**Records contained in a dataset:**
○ ○ ○
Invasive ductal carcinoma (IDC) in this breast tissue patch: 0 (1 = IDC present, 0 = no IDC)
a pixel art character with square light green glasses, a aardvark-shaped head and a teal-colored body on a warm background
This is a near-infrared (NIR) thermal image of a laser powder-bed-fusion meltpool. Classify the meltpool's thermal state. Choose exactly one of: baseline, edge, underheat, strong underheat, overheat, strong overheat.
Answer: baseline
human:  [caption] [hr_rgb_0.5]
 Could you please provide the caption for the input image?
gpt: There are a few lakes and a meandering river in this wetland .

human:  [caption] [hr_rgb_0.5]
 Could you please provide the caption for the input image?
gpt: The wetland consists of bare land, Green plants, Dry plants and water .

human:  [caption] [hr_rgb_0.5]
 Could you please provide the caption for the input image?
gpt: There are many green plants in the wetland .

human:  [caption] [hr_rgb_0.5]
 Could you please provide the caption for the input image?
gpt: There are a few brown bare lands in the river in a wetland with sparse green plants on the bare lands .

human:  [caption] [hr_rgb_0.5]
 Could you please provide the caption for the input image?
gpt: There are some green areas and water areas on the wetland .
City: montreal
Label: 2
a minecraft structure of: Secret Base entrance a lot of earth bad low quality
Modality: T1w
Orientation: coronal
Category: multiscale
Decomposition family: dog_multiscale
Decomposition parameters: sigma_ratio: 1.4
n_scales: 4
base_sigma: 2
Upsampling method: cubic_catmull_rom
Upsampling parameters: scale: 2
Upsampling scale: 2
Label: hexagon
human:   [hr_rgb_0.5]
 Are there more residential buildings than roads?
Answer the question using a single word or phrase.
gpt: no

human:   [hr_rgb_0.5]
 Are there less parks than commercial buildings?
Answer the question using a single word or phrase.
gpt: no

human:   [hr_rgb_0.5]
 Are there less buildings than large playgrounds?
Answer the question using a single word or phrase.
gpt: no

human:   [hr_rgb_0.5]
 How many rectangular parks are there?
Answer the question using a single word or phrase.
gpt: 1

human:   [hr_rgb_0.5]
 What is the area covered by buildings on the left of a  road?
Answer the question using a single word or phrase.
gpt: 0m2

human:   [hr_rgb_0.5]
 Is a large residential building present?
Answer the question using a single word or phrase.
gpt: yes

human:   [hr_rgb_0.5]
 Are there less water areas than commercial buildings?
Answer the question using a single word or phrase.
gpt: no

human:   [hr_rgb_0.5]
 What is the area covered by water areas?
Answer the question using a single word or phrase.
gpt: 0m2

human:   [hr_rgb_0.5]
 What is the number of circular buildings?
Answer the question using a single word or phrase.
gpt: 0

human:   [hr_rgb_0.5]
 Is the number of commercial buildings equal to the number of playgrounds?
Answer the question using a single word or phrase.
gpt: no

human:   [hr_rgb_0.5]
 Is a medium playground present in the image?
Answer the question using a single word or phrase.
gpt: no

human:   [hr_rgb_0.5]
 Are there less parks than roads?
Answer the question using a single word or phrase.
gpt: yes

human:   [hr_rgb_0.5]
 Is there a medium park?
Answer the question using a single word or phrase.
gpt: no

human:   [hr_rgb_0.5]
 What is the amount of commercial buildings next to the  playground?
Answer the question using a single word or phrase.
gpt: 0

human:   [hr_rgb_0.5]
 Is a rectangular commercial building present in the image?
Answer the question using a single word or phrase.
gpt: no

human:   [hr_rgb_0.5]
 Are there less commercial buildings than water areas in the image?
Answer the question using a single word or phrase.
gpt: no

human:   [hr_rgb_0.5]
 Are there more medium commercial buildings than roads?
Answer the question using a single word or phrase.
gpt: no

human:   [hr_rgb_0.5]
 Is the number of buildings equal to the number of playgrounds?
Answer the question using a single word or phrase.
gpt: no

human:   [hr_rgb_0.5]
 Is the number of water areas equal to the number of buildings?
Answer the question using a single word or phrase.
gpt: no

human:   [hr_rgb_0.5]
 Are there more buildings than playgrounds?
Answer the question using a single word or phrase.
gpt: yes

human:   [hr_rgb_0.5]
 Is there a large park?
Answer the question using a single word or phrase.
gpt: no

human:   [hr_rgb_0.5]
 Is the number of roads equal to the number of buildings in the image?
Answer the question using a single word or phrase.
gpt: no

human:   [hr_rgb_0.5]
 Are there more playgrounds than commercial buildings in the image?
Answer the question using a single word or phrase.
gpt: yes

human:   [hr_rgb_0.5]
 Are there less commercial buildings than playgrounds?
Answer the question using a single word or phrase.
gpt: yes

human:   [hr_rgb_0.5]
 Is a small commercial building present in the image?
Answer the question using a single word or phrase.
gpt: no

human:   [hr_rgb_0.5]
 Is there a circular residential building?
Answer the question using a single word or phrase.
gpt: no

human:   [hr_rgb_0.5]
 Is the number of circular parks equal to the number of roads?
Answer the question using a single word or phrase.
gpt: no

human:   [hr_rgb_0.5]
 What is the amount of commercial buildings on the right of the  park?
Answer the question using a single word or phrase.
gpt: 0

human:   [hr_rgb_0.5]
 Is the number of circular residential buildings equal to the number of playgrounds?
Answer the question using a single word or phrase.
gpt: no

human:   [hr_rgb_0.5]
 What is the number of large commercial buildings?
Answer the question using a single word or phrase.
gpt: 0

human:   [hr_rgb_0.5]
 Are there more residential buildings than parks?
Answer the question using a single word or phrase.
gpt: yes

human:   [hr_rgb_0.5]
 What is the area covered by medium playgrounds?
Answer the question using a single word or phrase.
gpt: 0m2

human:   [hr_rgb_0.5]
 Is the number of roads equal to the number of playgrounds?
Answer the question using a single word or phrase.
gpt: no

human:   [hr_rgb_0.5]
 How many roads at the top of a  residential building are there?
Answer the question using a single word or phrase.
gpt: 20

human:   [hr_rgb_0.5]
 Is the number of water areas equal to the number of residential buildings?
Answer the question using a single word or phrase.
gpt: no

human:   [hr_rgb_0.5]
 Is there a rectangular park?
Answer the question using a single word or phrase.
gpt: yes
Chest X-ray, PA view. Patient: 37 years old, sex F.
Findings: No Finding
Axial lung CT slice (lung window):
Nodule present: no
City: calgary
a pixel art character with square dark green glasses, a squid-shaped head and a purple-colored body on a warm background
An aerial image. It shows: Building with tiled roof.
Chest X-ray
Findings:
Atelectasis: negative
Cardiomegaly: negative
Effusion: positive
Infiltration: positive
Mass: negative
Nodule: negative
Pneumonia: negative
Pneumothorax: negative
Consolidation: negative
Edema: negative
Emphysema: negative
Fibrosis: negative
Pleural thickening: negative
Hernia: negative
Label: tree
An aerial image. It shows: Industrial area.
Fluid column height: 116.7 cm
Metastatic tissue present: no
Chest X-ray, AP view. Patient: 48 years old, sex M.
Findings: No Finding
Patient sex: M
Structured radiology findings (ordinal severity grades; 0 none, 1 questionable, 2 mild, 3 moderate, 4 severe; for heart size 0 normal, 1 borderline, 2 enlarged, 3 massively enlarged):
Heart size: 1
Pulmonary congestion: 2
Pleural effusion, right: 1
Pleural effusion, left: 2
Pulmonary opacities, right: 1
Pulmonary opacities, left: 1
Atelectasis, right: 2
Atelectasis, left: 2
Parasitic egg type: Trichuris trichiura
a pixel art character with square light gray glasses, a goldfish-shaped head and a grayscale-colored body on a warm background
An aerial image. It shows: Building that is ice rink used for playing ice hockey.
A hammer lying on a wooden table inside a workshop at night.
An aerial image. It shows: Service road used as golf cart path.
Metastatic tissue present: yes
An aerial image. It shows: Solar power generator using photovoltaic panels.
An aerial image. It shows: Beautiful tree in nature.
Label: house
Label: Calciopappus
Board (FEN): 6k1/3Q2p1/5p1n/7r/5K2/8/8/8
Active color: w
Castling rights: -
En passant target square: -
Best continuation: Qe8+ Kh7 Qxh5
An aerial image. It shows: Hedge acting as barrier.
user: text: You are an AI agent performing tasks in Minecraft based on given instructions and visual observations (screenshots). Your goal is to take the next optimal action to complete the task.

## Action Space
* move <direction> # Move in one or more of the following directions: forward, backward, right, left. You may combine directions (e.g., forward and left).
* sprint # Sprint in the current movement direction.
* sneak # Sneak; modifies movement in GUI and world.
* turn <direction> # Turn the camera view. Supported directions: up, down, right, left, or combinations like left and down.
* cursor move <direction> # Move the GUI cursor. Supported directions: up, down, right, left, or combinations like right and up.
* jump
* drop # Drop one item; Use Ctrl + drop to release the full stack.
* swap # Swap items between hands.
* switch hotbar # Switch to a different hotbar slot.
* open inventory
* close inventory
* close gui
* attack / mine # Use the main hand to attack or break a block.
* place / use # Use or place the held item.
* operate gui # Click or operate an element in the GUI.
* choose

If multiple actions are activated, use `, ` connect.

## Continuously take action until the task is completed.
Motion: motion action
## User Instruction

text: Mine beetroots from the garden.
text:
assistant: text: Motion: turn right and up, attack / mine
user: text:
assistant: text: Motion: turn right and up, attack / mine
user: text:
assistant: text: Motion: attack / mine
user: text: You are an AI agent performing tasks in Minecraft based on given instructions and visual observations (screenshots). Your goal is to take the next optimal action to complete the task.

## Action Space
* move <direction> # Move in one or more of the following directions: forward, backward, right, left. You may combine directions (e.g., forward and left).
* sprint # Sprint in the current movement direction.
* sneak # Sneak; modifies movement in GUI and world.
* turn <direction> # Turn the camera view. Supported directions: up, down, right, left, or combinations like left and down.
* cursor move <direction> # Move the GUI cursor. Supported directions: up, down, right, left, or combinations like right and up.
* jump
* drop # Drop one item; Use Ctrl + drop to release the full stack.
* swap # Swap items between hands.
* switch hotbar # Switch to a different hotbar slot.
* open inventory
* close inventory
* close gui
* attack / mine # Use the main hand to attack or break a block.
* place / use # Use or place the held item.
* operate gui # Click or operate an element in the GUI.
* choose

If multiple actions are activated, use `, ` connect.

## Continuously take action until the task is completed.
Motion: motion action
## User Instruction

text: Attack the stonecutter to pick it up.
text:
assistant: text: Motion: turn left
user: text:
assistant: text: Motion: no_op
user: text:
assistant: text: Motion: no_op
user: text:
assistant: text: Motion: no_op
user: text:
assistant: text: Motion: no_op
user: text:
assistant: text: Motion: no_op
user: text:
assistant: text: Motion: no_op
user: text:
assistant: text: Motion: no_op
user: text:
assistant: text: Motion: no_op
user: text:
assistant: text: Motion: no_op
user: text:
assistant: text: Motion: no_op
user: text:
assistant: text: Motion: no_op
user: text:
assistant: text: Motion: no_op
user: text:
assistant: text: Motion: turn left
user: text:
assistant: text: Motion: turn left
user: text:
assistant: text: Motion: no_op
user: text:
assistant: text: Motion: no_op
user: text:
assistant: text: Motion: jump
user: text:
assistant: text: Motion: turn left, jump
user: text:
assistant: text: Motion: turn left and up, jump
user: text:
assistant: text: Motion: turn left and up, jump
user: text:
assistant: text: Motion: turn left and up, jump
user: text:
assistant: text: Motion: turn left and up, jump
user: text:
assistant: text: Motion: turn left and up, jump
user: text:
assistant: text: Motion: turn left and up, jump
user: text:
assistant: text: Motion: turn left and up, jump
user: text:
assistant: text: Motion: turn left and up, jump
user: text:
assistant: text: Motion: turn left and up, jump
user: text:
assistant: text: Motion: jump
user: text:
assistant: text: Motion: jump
○ ○ ○
**What this task involves:**
All lines from the start of the entries through the line where "gpt: There are many" sits should be duplicated exactly, with nothing else in the output.

**The answer:**
Invasive ductal carcinoma (IDC) in this breast tissue patch: 0 (1 = IDC present, 0 = no IDC)
a pixel art character with square light green glasses, a aardvark-shaped head and a teal-colored body on a warm background
This is a near-infrared (NIR) thermal image of a laser powder-bed-fusion meltpool. Classify the meltpool's thermal state. Choose exactly one of: baseline, edge, underheat, strong underheat, overheat, strong overheat.
Answer: baseline
human:  [caption] [hr_rgb_0.5]
 Could you please provide the caption for the input image?
gpt: There are a few lakes and a meandering river in this wetland .

human:  [caption] [hr_rgb_0.5]
 Could you please provide the caption for the input image?
gpt: The wetland consists of bare land, Green plants, Dry plants and water .

human:  [caption] [hr_rgb_0.5]
 Could you please provide the caption for the input image?
gpt: There are many green plants in the wetland .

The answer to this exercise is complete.